=== Section Start ===
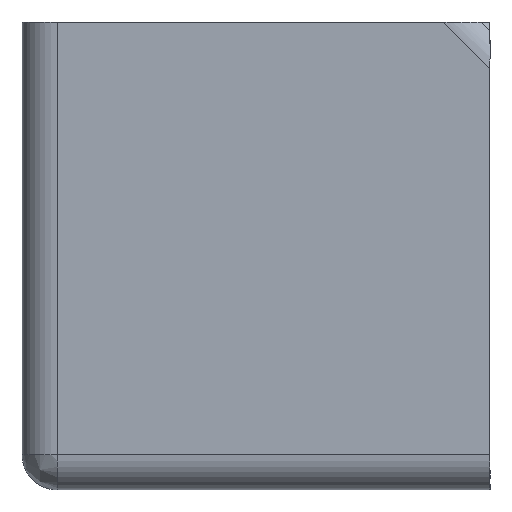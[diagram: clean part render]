
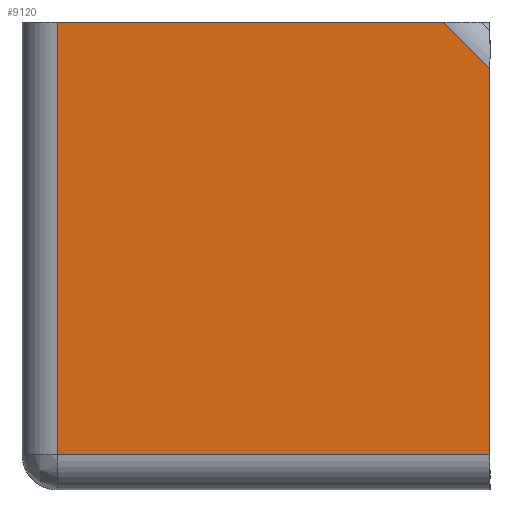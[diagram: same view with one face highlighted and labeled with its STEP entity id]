
A CAD part, front view. The second image highlights one B-rep face of the part: STEP entity #9120.
In plain terms, the highlighted planar face has unit normal (0, -1, 0).
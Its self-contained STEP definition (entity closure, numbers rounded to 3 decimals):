
#173 = CARTESIAN_POINT ( 'NONE',  ( 0., 0., 40. ) ) ;
#226 = LINE ( 'NONE', #653, #10537 ) ;
#363 = LINE ( 'NONE', #9169, #1189 ) ;
#506 = DIRECTION ( 'NONE',  ( 0.707, 0., -0.707 ) ) ;
#653 = CARTESIAN_POINT ( 'NONE',  ( 40., 0., 40. ) ) ;
#850 = CARTESIAN_POINT ( 'NONE',  ( 3., 0., 40. ) ) ;
#1189 = VECTOR ( 'NONE', #2590, 1000. ) ;
#1697 = EDGE_CURVE ( 'NONE', #14183, #12088, #363, .T. ) ;
#1701 = ORIENTED_EDGE ( 'NONE', *, *, #11388, .F. ) ;
#2272 = DIRECTION ( 'NONE',  ( 1., 0., 0. ) ) ;
#2590 = DIRECTION ( 'NONE',  ( -1., 0., 0. ) ) ;
#2890 = CARTESIAN_POINT ( 'NONE',  ( 36.04, 0., 40. ) ) ;
#3293 = LINE ( 'NONE', #2890, #14111 ) ;
#3739 = CARTESIAN_POINT ( 'NONE',  ( 40., 0., 3. ) ) ;
#4396 = VECTOR ( 'NONE', #2272, 1000. ) ;
#4443 = EDGE_CURVE ( 'NONE', #8384, #9396, #8540, .T. ) ;
#5387 = DIRECTION ( 'NONE',  ( 0., 0., -1. ) ) ;
#6789 = VECTOR ( 'NONE', #8423, 1000. ) ;
#7361 = CARTESIAN_POINT ( 'NONE',  ( 3., 0., 40. ) ) ;
#8384 = VERTEX_POINT ( 'NONE', #850 ) ;
#8423 = DIRECTION ( 'NONE',  ( 0., 0., 1. ) ) ;
#8537 = PLANE ( 'NONE',  #13614 ) ;
#8540 = LINE ( 'NONE', #173, #4396 ) ;
#8549 = ORIENTED_EDGE ( 'NONE', *, *, #4443, .F. ) ;
#8750 = CARTESIAN_POINT ( 'NONE',  ( 3., 0., 3. ) ) ;
#9120 = ADVANCED_FACE ( 'NONE', ( #13359 ), #8537, .F. ) ;
#9169 = CARTESIAN_POINT ( 'NONE',  ( 0., 0., 3. ) ) ;
#9396 = VERTEX_POINT ( 'NONE', #10392 ) ;
#9656 = CARTESIAN_POINT ( 'NONE',  ( 40., 0., 36.04 ) ) ;
#9701 = LINE ( 'NONE', #7361, #6789 ) ;
#10052 = EDGE_LOOP ( 'NONE', ( #8549, #1701, #10363, #13085, #13527 ) ) ;
#10363 = ORIENTED_EDGE ( 'NONE', *, *, #1697, .F. ) ;
#10392 = CARTESIAN_POINT ( 'NONE',  ( 36.04, 0., 40. ) ) ;
#10537 = VECTOR ( 'NONE', #5387, 1000. ) ;
#11388 = EDGE_CURVE ( 'NONE', #12088, #8384, #9701, .T. ) ;
#11472 = VERTEX_POINT ( 'NONE', #9656 ) ;
#11656 = DIRECTION ( 'NONE',  ( 0., 1., 0. ) ) ;
#12088 = VERTEX_POINT ( 'NONE', #8750 ) ;
#12901 = CARTESIAN_POINT ( 'NONE',  ( 0., 0., 40. ) ) ;
#13085 = ORIENTED_EDGE ( 'NONE', *, *, #13482, .F. ) ;
#13359 = FACE_OUTER_BOUND ( 'NONE', #10052, .T. ) ;
#13482 = EDGE_CURVE ( 'NONE', #11472, #14183, #226, .T. ) ;
#13527 = ORIENTED_EDGE ( 'NONE', *, *, #13845, .F. ) ;
#13614 = AXIS2_PLACEMENT_3D ( 'NONE', #12901, #11656, #13889 ) ;
#13845 = EDGE_CURVE ( 'NONE', #9396, #11472, #3293, .T. ) ;
#13889 = DIRECTION ( 'NONE',  ( 0., 0., 1. ) ) ;
#14111 = VECTOR ( 'NONE', #506, 1000. ) ;
#14183 = VERTEX_POINT ( 'NONE', #3739 ) ;
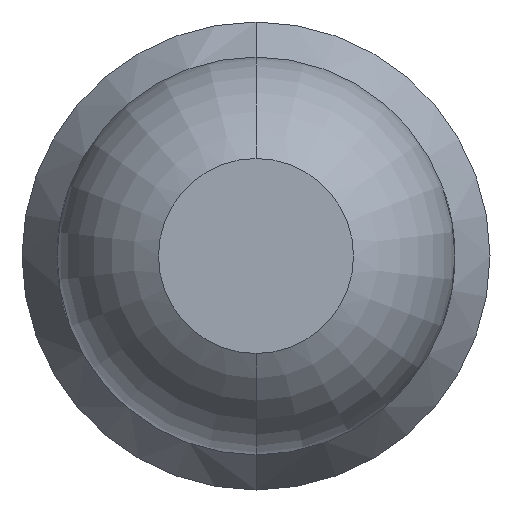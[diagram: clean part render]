
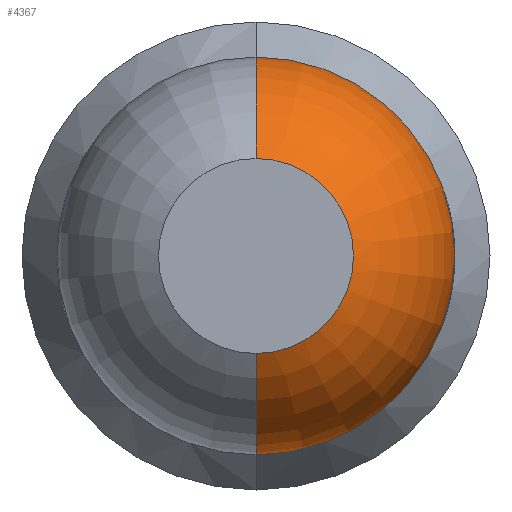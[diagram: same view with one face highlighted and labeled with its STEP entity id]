
A CAD part, front view. The second image highlights one B-rep face of the part: STEP entity #4367.
In plain terms, the highlighted toroidal (fillet/blend) face has major radius 0.01 mm and minor radius 0.5 mm.
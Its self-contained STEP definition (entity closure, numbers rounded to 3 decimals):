
#7 = DIRECTION ( 'NONE',  ( 0., 0., 1. ) ) ;
#232 = DIRECTION ( 'NONE',  ( 0., 0., -1. ) ) ;
#268 = EDGE_CURVE ( 'NONE', #4417, #1464, #4466, .T. ) ;
#283 = AXIS2_PLACEMENT_3D ( 'NONE', #3394, #4162, #4108 ) ;
#665 = CARTESIAN_POINT ( 'NONE',  ( 0., -24.961, -0.51 ) ) ;
#690 = VERTEX_POINT ( 'NONE', #3015 ) ;
#697 = EDGE_CURVE ( 'Defeature ausgef�hrt2_0+Defeature ausgef�hrt2_6+Defeature ausgef�hrt2_6+Defeature ausgef�hrt2_6', #1646, #4417, #702, .T. ) ;
#702 = CIRCLE ( 'NONE', #283, 0.51 ) ;
#768 = CIRCLE ( 'NONE', #3823, 0.25 ) ;
#945 = CARTESIAN_POINT ( 'NONE',  ( 0., -24.961, 0.01 ) ) ;
#1061 = AXIS2_PLACEMENT_3D ( 'NONE', #4603, #3102, #232 ) ;
#1080 = CARTESIAN_POINT ( 'NONE',  ( 0., -25.4, 0.25 ) ) ;
#1464 = VERTEX_POINT ( 'NONE', #1080 ) ;
#1562 = DIRECTION ( 'NONE',  ( 0., 1., 0. ) ) ;
#1646 = VERTEX_POINT ( 'NONE', #665 ) ;
#1688 = AXIS2_PLACEMENT_3D ( 'NONE', #945, #2405, #2063 ) ;
#1784 = DIRECTION ( 'NONE',  ( -1., 0., 0. ) ) ;
#2063 = DIRECTION ( 'NONE',  ( 0., 0., -1. ) ) ;
#2175 = CARTESIAN_POINT ( 'NONE',  ( 0., -24.961, -0.01 ) ) ;
#2247 = CARTESIAN_POINT ( 'NONE',  ( 0., -25.4, 0. ) ) ;
#2358 = EDGE_LOOP ( 'NONE', ( #4454, #3565, #4361, #3190 ) ) ;
#2405 = DIRECTION ( 'NONE',  ( 1., 0., 0. ) ) ;
#2576 = CIRCLE ( 'NONE', #4015, 0.5 ) ;
#2616 = TOROIDAL_SURFACE ( 'NONE', #1061, 0.01, 0.5 ) ;
#2753 = EDGE_CURVE ( 'NONE', #1646, #690, #2576, .T. ) ;
#3015 = CARTESIAN_POINT ( 'NONE',  ( 0., -25.4, -0.25 ) ) ;
#3062 = CARTESIAN_POINT ( 'NONE',  ( 0., -24.961, 0.51 ) ) ;
#3102 = DIRECTION ( 'NONE',  ( 0., -1., 0. ) ) ;
#3147 = EDGE_CURVE ( 'Defeature ausgef�hrt2_0+Defeature ausgef�hrt2_15+Defeature ausgef�hrt2_15+Defeature ausgef�hrt2_15', #1464, #690, #768, .T. ) ;
#3190 = ORIENTED_EDGE ( 'NONE', *, *, #2753, .F. ) ;
#3394 = CARTESIAN_POINT ( 'NONE',  ( 0., -24.961, 0. ) ) ;
#3565 = ORIENTED_EDGE ( 'NONE', *, *, #268, .T. ) ;
#3581 = FACE_OUTER_BOUND ( 'NONE', #2358, .T. ) ;
#3708 = DIRECTION ( 'NONE',  ( 0., 0., 1. ) ) ;
#3823 = AXIS2_PLACEMENT_3D ( 'NONE', #2247, #1562, #3708 ) ;
#4015 = AXIS2_PLACEMENT_3D ( 'NONE', #2175, #1784, #7 ) ;
#4108 = DIRECTION ( 'NONE',  ( 0., 0., -1. ) ) ;
#4162 = DIRECTION ( 'NONE',  ( 0., -1., 0. ) ) ;
#4361 = ORIENTED_EDGE ( 'NONE', *, *, #3147, .T. ) ;
#4367 = ADVANCED_FACE ( 'Defeature ausgef�hrt2_0', ( #3581 ), #2616, .T. ) ;
#4417 = VERTEX_POINT ( 'NONE', #3062 ) ;
#4454 = ORIENTED_EDGE ( 'NONE', *, *, #697, .T. ) ;
#4466 = CIRCLE ( 'NONE', #1688, 0.5 ) ;
#4603 = CARTESIAN_POINT ( 'NONE',  ( 0., -24.961, 0. ) ) ;
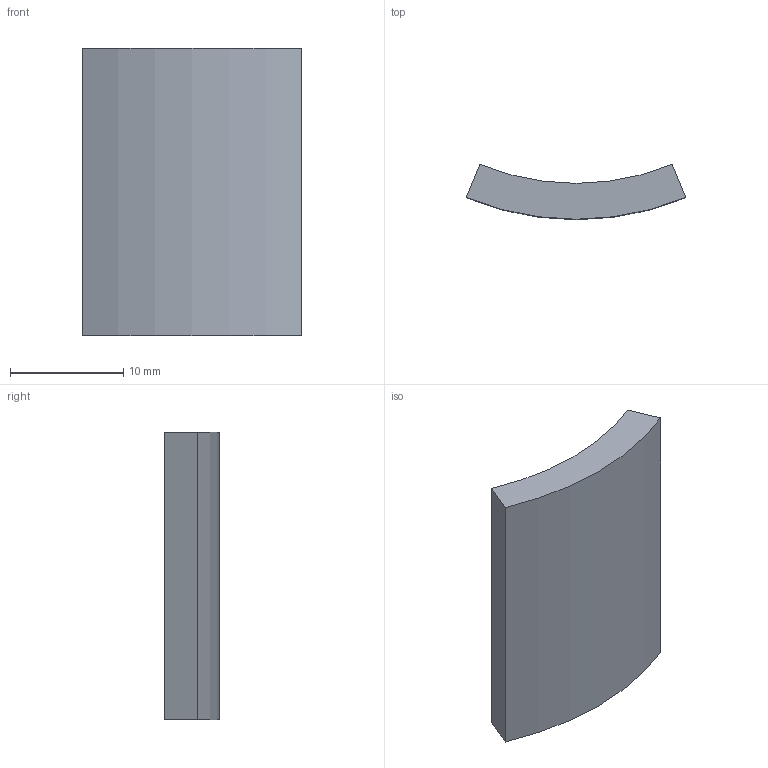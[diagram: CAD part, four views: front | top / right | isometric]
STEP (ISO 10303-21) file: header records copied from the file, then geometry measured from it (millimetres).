
FILE_DESCRIPTION(/* description */ (''),/* implementation_level */ '2;1');
FILE_NAME(/* name */ 'NSN0026.stp',/* time_stamp */ '2015-03-05T15:42:45-05:00',/* author */ ('Scott Madsen'),/* organization */ (''),/* preprocessor_version */ 'ST-DEVELOPER v15.6',/* originating_system */ 'Autodesk Inventor LT ',/* authorisation */ '');
FILE_SCHEMA (('AUTOMOTIVE_DESIGN { 1 0 10303 214 3 1 1 }'));
Length unit declared in the file: inch
Products named in the file (1): NSN0026
Bounding box: 19.44 x 4.87 x 25.4 mm (x, y, z)
Volume: 1508.2 mm3; surface area: 1230.1 mm2
Topology: 1 solids, 1 shells, 6 faces, 12 edges, 8 vertices
Faces by surface type: plane 4, cylinder 2
Entity records: 186 total; most frequent: DIRECTION 30, CARTESIAN_POINT 27, ORIENTED_EDGE 24, EDGE_CURVE 12, AXIS2_PLACEMENT_3D 11, LINE 8, VECTOR 8, VERTEX_POINT 8
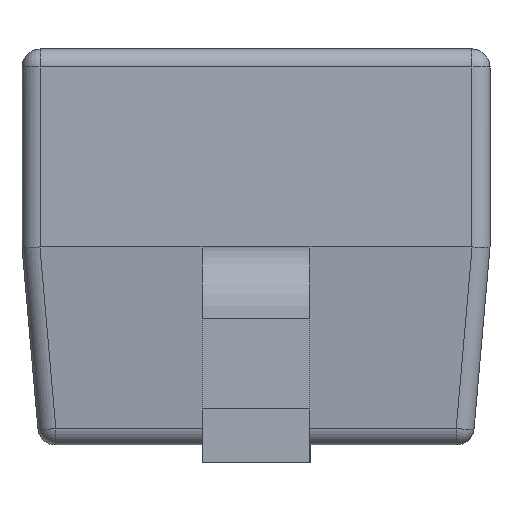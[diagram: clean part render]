
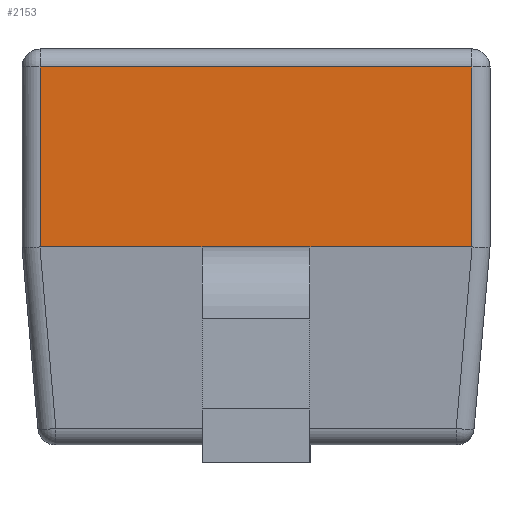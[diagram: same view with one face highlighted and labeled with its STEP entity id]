
A CAD part, left-side view. The second image highlights one B-rep face of the part: STEP entity #2153.
In plain terms, the highlighted planar face has unit normal (-1, 0, 0).
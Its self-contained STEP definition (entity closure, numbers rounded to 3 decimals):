
#56 = ORIENTED_EDGE ( 'NONE', *, *, #3670, .T. ) ;
#189 = VERTEX_POINT ( 'NONE', #3312 ) ;
#191 = DIRECTION ( 'NONE',  ( 0., -1., 0. ) ) ;
#268 = VECTOR ( 'NONE', #2990, 1000. ) ;
#300 = EDGE_LOOP ( 'NONE', ( #1684, #5134, #3381, #4132, #2733, #56 ) ) ;
#423 = DIRECTION ( 'NONE',  ( 0., -1., 0. ) ) ;
#445 = CARTESIAN_POINT ( 'NONE',  ( -0.9, 0.6, 0. ) ) ;
#674 = CARTESIAN_POINT ( 'NONE',  ( -0.9, -0.65, 0.55 ) ) ;
#789 = CARTESIAN_POINT ( 'NONE',  ( -0.9, -0.6, 0.55 ) ) ;
#823 = VECTOR ( 'NONE', #1686, 1000. ) ;
#1187 = DIRECTION ( 'NONE',  ( 1., 0., 0. ) ) ;
#1227 = DIRECTION ( 'NONE',  ( 0., 0., 1. ) ) ;
#1230 = CARTESIAN_POINT ( 'NONE',  ( -0.9, -0.65, 0. ) ) ;
#1434 = LINE ( 'NONE', #1230, #268 ) ;
#1684 = ORIENTED_EDGE ( 'NONE', *, *, #2224, .T. ) ;
#1686 = DIRECTION ( 'NONE',  ( 0., 0., -1. ) ) ;
#1695 = AXIS2_PLACEMENT_3D ( 'NONE', #674, #1187, #2463 ) ;
#1966 = VECTOR ( 'NONE', #191, 1000. ) ;
#1998 = VERTEX_POINT ( 'NONE', #4774 ) ;
#1999 = CARTESIAN_POINT ( 'NONE',  ( -0.9, -0.6, 0. ) ) ;
#2041 = LINE ( 'NONE', #2786, #1966 ) ;
#2153 = ADVANCED_FACE ( 'NONE', ( #3331 ), #3151, .F. ) ;
#2172 = EDGE_CURVE ( 'NONE', #4113, #4478, #2041, .T. ) ;
#2187 = LINE ( 'NONE', #3491, #3224 ) ;
#2224 = EDGE_CURVE ( 'NONE', #3237, #189, #5018, .T. ) ;
#2385 = VECTOR ( 'NONE', #3600, 1000. ) ;
#2463 = DIRECTION ( 'NONE',  ( 0., 0., -1. ) ) ;
#2693 = CARTESIAN_POINT ( 'NONE',  ( -0.9, 0.6, 0.5 ) ) ;
#2733 = ORIENTED_EDGE ( 'NONE', *, *, #3082, .T. ) ;
#2786 = CARTESIAN_POINT ( 'NONE',  ( -0.9, -0.65, 0. ) ) ;
#2939 = CARTESIAN_POINT ( 'NONE',  ( -0.9, 0.15, 0. ) ) ;
#2990 = DIRECTION ( 'NONE',  ( 0., -1., 0. ) ) ;
#3082 = EDGE_CURVE ( 'NONE', #4478, #1998, #1434, .T. ) ;
#3151 = PLANE ( 'NONE',  #1695 ) ;
#3187 = EDGE_CURVE ( 'NONE', #189, #4940, #3536, .T. ) ;
#3224 = VECTOR ( 'NONE', #423, 1000. ) ;
#3237 = VERTEX_POINT ( 'NONE', #1999 ) ;
#3312 = CARTESIAN_POINT ( 'NONE',  ( -0.9, -0.6, 0.5 ) ) ;
#3331 = FACE_OUTER_BOUND ( 'NONE', #300, .T. ) ;
#3341 = EDGE_CURVE ( 'NONE', #4940, #4113, #3928, .T. ) ;
#3381 = ORIENTED_EDGE ( 'NONE', *, *, #3341, .T. ) ;
#3491 = CARTESIAN_POINT ( 'NONE',  ( -0.9, -0.65, 0. ) ) ;
#3536 = LINE ( 'NONE', #4971, #2385 ) ;
#3600 = DIRECTION ( 'NONE',  ( 0., 1., 0. ) ) ;
#3670 = EDGE_CURVE ( 'NONE', #1998, #3237, #2187, .T. ) ;
#3879 = VECTOR ( 'NONE', #1227, 1000. ) ;
#3928 = LINE ( 'NONE', #4165, #823 ) ;
#4113 = VERTEX_POINT ( 'NONE', #445 ) ;
#4132 = ORIENTED_EDGE ( 'NONE', *, *, #2172, .T. ) ;
#4165 = CARTESIAN_POINT ( 'NONE',  ( -0.9, 0.6, 0.55 ) ) ;
#4478 = VERTEX_POINT ( 'NONE', #2939 ) ;
#4774 = CARTESIAN_POINT ( 'NONE',  ( -0.9, -0.15, 0. ) ) ;
#4940 = VERTEX_POINT ( 'NONE', #2693 ) ;
#4971 = CARTESIAN_POINT ( 'NONE',  ( -0.9, -0.65, 0.5 ) ) ;
#5018 = LINE ( 'NONE', #789, #3879 ) ;
#5134 = ORIENTED_EDGE ( 'NONE', *, *, #3187, .T. ) ;
=== Section End ===
**What needs to be done**
When a line in the listing above holds the word "records", copy it.

**Output of the task**
STEP (ISO 10303-21) file: header records copied from the file, then geometry measured from it (millimetres).
Entity records: 186 total; most frequent: DIRECTION 30, CARTESIAN_POINT 27, ORIENTED_EDGE 24, EDGE_CURVE 12, AXIS2_PLACEMENT_3D 11, LINE 8, VECTOR 8, VERTEX_POINT 8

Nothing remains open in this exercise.